--- Task to complete ---
Go through the entries below and copy every line that holds the word "about".

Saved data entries

▬▬▬▬▬▬▬▬▬▬

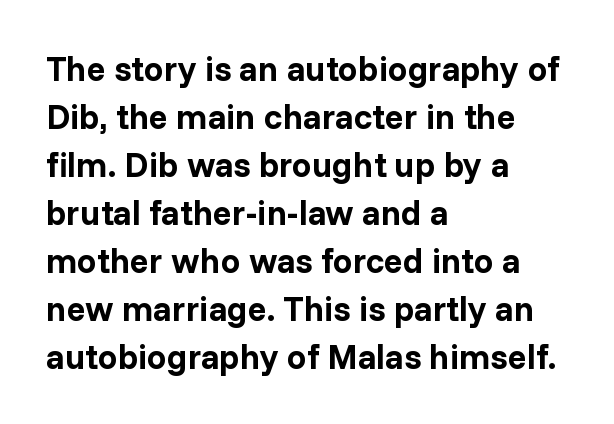
The image shows 35 px bold sans-serif type, upright; set left-aligned, normal line spacing (1.37x), normal letter spacing, not underlined; low stroke contrast and a medium x-height.
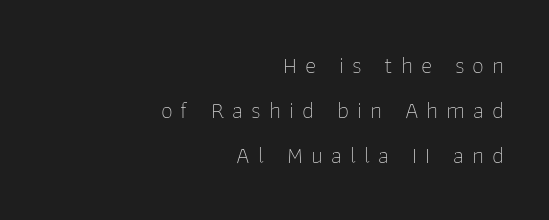
The image shows 24 px text type, upright; set right-aligned, line spacing 1.88x, unusually wide letter spacing (+0.33 em), not underlined.
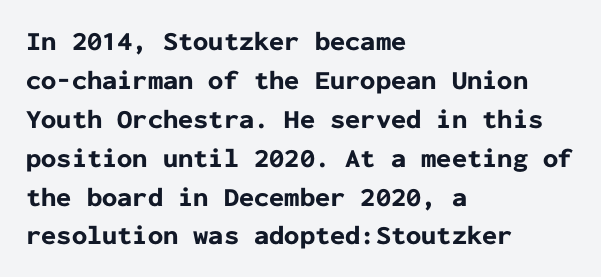
The image shows 27 px bold type, upright; set left-aligned, normal line spacing (1.44x), normal letter spacing, not underlined.
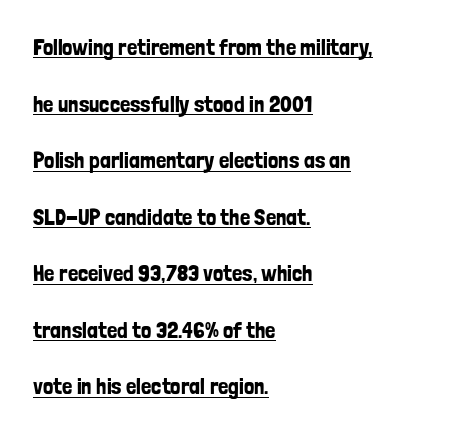
Q: Is the text italic (slanted)? A: No, it is upright.
Q: Is the text underlined? A: Yes.
Q: How is the paragraph aligned? A: Left-aligned.
Q: Is the spacing between letters normal or unusually wide? A: Normal.
Q: Is the spacing between lines tight, normal or loose? A: Loose.
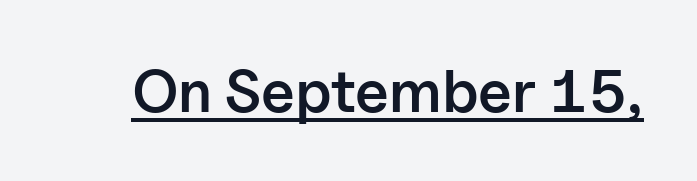
The face used here is rendered with its standard letterfit. The specimen includes a rule beneath the text block's lines. Notice how the stems are strictly vertical — no italics here. Unlike a traditional serif, this face leaves its strokes unadorned. Varying glyph widths throughout — classic text-font behaviour. Notice the strokes are somewhat thickened but not fully heavy: this is a semibold.
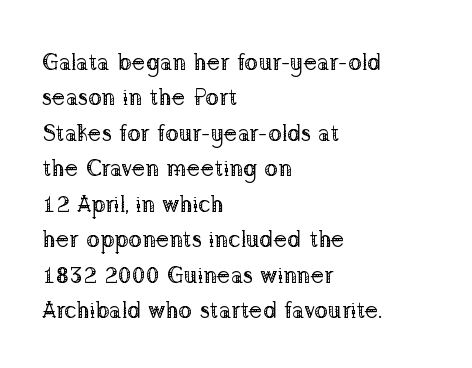
The face looks like a standard text weight, possibly lighter. Vertical strokes here are truly vertical. These lines keep a tight, regular rhythm from letter to letter. Leading matches the norm, producing a regular column. Left-aligned paragraph, ragged on the right. The space directly below the letters is spotless.
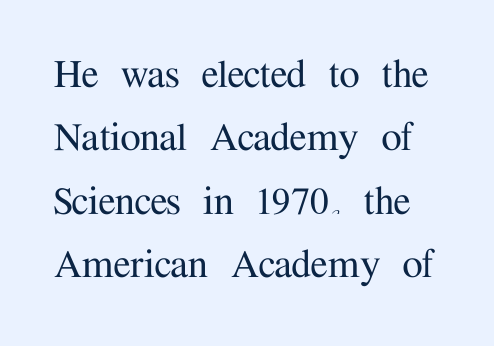
{"serif": "yes", "italic": "no", "width": "normal", "stroke_contrast": "medium", "x_height": "medium", "monospaced": "no", "underline": "no", "line_spacing": "normal", "line_spacing_ratio": 1.38, "letter_spacing": "normal", "letter_spacing_em": 0.0, "glyph_px": 46}
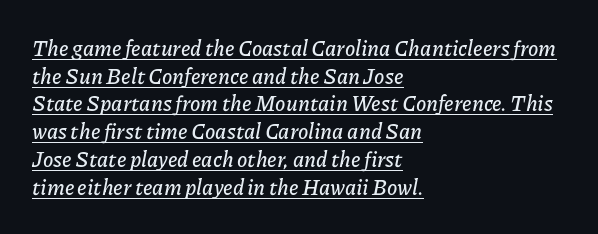
Q: Is the text italic (slanted)? A: Yes, it leans right by about 11 degrees.
Q: Is the text underlined? A: Yes.
Q: How is the paragraph aligned? A: Left-aligned.
Q: Is the spacing between letters normal or unusually wide? A: Normal.
Q: Is the spacing between lines tight, normal or loose? A: Normal.
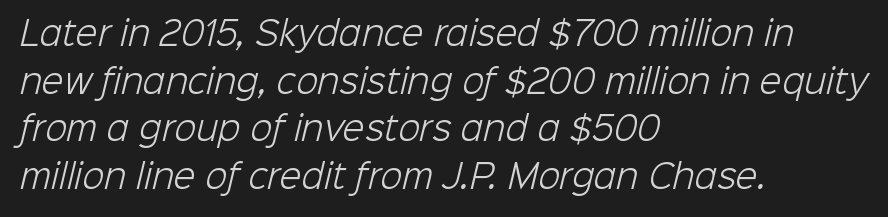
Q: Is the text bold? A: No.
Q: Is the typeface a serif or a sans-serif typeface? A: Sans-serif.
Q: Is the text underlined? A: No.
Q: How is the paragraph aligned? A: Left-aligned.
Q: Is the spacing between letters normal or unusually wide? A: Normal.
Q: Is the spacing between lines tight, normal or loose? A: Normal.
Q: Width (condensed, normal, or wide)? A: Normal.
Q: Stroke contrast? A: Low.
Q: x-height? A: Medium.
Q: Monospaced? A: No.
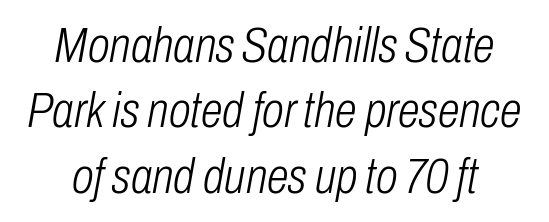
Q: Is the text bold? A: No.
Q: Is the text italic (slanted)? A: Yes, it leans right by about 10 degrees.
Q: Is the text underlined? A: No.
Q: Is the spacing between letters normal or unusually wide? A: Normal.
Q: Is the spacing between lines tight, normal or loose? A: Normal.
Q: Width (condensed, normal, or wide)? A: Condensed.
Q: Stroke contrast? A: Low.
Q: x-height? A: Medium.
Q: Monospaced? A: No.
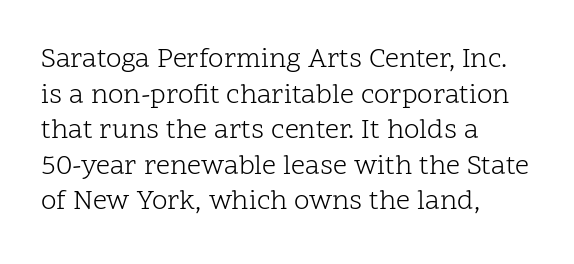
The image shows 28 px light serif type, upright; set left-aligned, normal line spacing (1.27x), normal letter spacing, not underlined; low stroke contrast and a medium x-height.
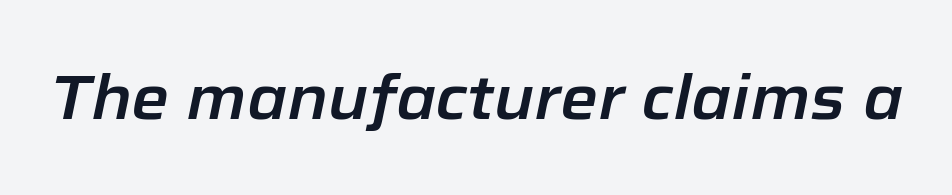
{"italic": "yes", "lean": "right", "slant_degrees": 12, "width": "normal", "stroke_contrast": "low", "x_height": "medium", "monospaced": "no", "underline": "no", "letter_spacing": "normal", "letter_spacing_em": 0.0, "glyph_px": 61}

▬▬▬▬▬▬▬▬▬▬

--- Your response ---
Q: Is the text italic (slanted)? A: Yes, it leans right by about 11 degrees.
Q: Is the text italic (slanted)? A: Yes, it leans right by about 10 degrees.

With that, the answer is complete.